## HOW TO COMPLETE THIS TASK
Your task is to find every line of the listing that includes "noise" and copy it.

## RECORD SET

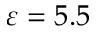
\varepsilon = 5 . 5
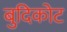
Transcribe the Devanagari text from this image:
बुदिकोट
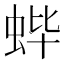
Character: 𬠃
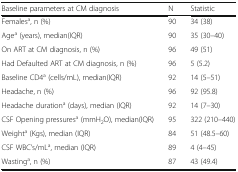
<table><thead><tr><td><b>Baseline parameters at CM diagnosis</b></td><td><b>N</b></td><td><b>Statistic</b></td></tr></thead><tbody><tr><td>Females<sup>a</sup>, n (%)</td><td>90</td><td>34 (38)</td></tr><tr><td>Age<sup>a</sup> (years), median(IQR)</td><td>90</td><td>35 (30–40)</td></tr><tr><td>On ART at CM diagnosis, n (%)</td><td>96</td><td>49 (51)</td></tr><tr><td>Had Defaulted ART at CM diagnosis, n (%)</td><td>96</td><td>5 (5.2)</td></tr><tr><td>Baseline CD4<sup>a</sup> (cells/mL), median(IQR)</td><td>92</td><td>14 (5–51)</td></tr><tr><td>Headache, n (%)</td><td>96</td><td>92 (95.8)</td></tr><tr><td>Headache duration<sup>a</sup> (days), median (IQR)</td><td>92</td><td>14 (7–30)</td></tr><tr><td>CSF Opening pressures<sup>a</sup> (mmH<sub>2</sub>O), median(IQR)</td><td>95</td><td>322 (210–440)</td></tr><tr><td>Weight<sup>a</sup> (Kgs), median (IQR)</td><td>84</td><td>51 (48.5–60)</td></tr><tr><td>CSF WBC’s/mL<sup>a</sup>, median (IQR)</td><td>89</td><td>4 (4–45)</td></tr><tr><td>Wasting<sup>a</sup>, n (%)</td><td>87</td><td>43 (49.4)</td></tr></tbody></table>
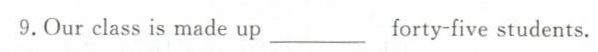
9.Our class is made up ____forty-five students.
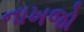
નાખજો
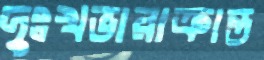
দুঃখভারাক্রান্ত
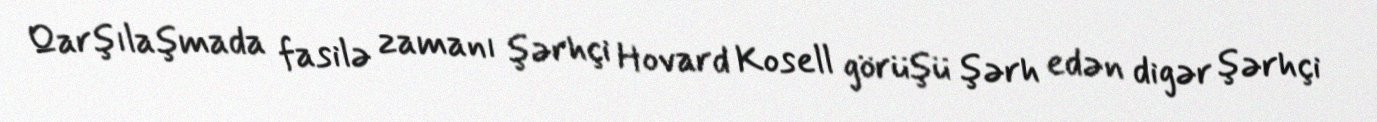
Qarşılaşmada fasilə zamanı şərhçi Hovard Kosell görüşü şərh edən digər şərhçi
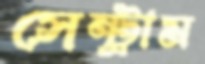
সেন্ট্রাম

==

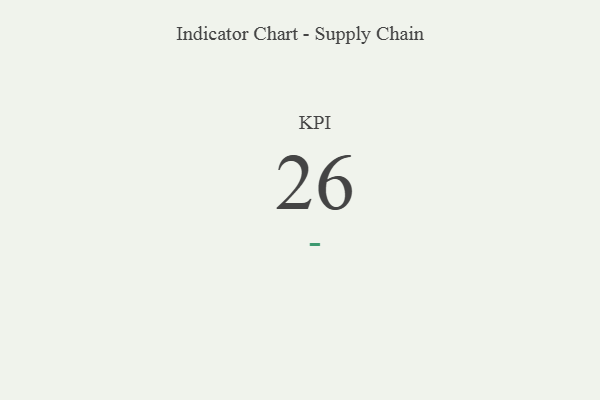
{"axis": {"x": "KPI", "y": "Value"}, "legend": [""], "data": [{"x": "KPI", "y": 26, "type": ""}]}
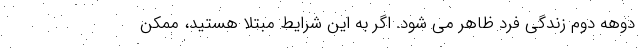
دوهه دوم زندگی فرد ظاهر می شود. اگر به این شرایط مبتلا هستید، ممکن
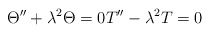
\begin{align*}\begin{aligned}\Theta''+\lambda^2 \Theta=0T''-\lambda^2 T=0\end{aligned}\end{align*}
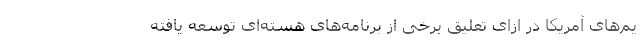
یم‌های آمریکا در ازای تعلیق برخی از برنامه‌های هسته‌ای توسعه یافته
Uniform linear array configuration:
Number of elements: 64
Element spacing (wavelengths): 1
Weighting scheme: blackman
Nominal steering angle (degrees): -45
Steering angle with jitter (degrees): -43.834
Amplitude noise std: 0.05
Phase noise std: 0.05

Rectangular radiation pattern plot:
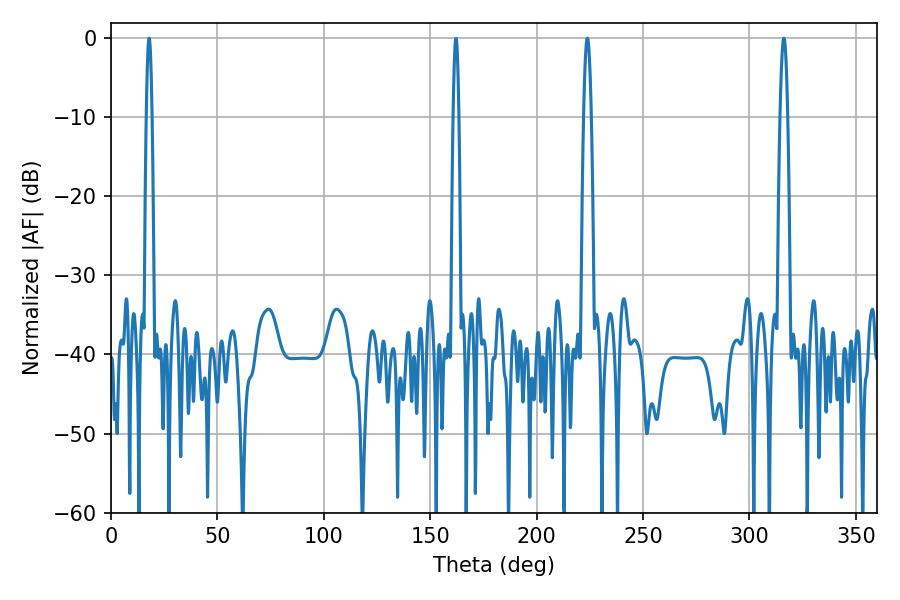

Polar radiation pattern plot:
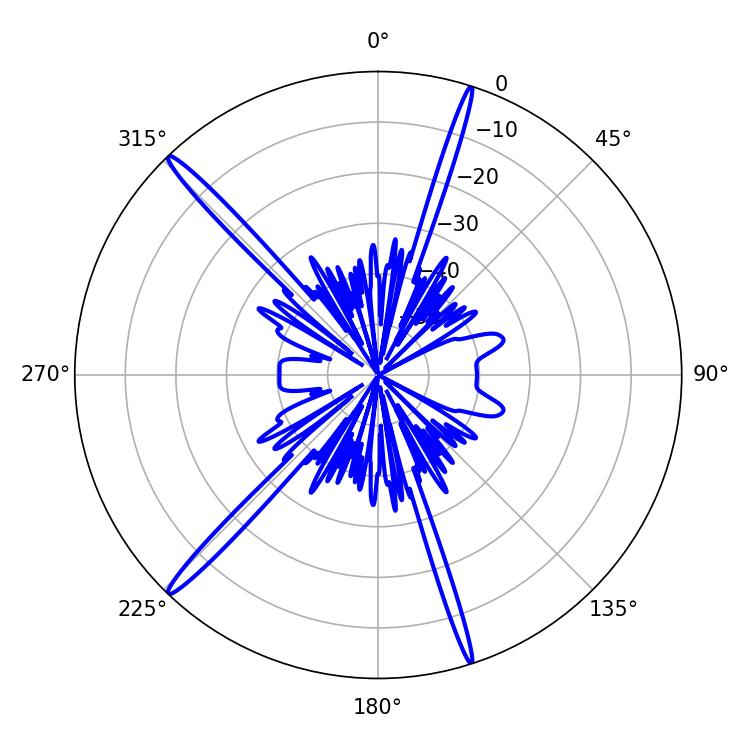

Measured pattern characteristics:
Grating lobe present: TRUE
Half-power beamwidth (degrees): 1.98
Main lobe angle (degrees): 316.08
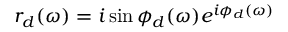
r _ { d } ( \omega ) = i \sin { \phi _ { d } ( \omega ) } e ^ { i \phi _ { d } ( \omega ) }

...

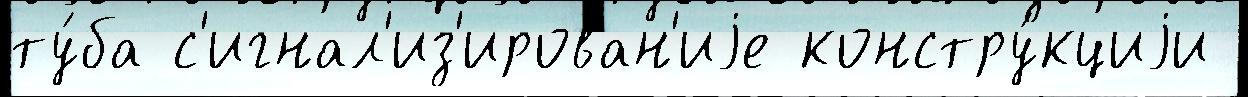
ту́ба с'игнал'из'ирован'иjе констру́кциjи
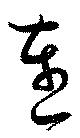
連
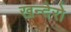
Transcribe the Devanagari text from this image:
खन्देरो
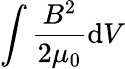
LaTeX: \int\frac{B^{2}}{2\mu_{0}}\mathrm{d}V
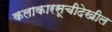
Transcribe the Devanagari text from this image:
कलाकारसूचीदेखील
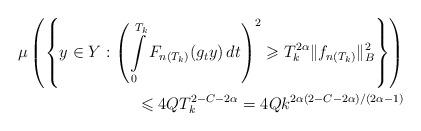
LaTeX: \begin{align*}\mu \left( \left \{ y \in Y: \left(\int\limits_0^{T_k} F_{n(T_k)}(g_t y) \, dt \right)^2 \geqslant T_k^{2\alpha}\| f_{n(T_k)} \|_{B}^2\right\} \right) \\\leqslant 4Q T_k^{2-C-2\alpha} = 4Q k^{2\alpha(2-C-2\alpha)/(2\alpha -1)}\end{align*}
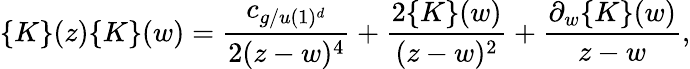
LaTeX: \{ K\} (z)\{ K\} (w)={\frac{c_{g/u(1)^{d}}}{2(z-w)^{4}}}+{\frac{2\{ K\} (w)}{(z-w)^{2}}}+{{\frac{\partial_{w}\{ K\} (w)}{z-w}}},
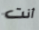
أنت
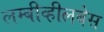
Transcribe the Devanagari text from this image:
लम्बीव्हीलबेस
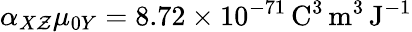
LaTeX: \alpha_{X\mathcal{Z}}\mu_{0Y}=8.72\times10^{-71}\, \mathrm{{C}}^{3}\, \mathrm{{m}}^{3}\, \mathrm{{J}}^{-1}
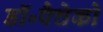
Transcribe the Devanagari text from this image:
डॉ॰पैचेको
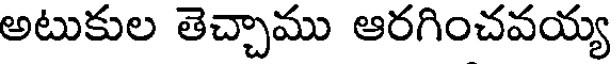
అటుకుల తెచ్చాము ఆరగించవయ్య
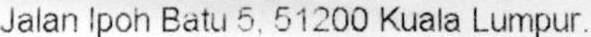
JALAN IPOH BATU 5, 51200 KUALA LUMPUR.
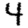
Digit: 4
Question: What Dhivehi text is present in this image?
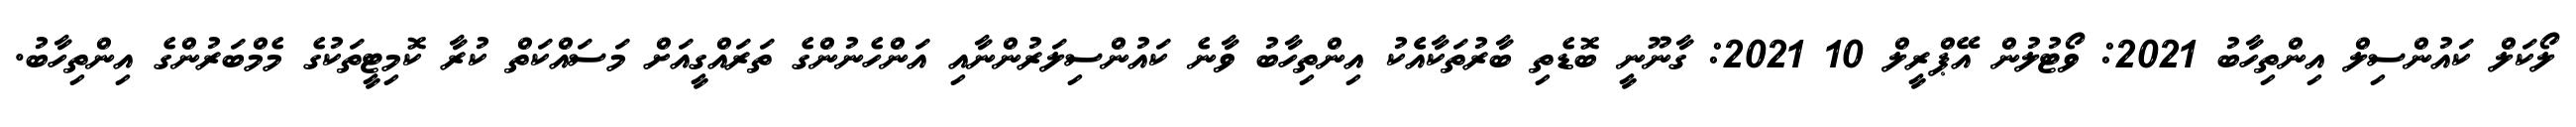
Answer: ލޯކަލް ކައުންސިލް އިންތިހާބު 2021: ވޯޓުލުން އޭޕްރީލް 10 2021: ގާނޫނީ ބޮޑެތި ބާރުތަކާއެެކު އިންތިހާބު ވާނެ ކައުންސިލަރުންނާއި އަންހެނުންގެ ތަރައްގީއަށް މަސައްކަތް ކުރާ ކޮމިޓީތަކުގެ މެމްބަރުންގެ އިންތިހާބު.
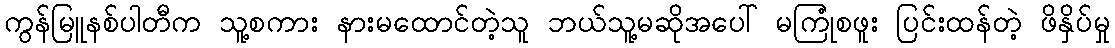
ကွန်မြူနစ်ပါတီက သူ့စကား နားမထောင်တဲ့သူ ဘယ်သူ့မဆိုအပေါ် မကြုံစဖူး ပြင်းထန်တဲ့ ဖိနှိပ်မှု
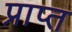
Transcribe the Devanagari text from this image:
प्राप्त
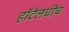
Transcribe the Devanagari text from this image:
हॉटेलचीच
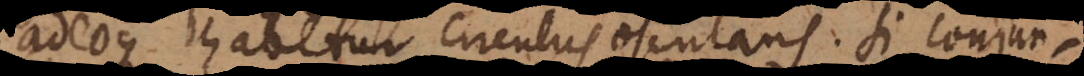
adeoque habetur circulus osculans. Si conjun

## OUTPUT OF THE EXERCISE
Amplitude noise std: 0.05
Phase noise std: 0.05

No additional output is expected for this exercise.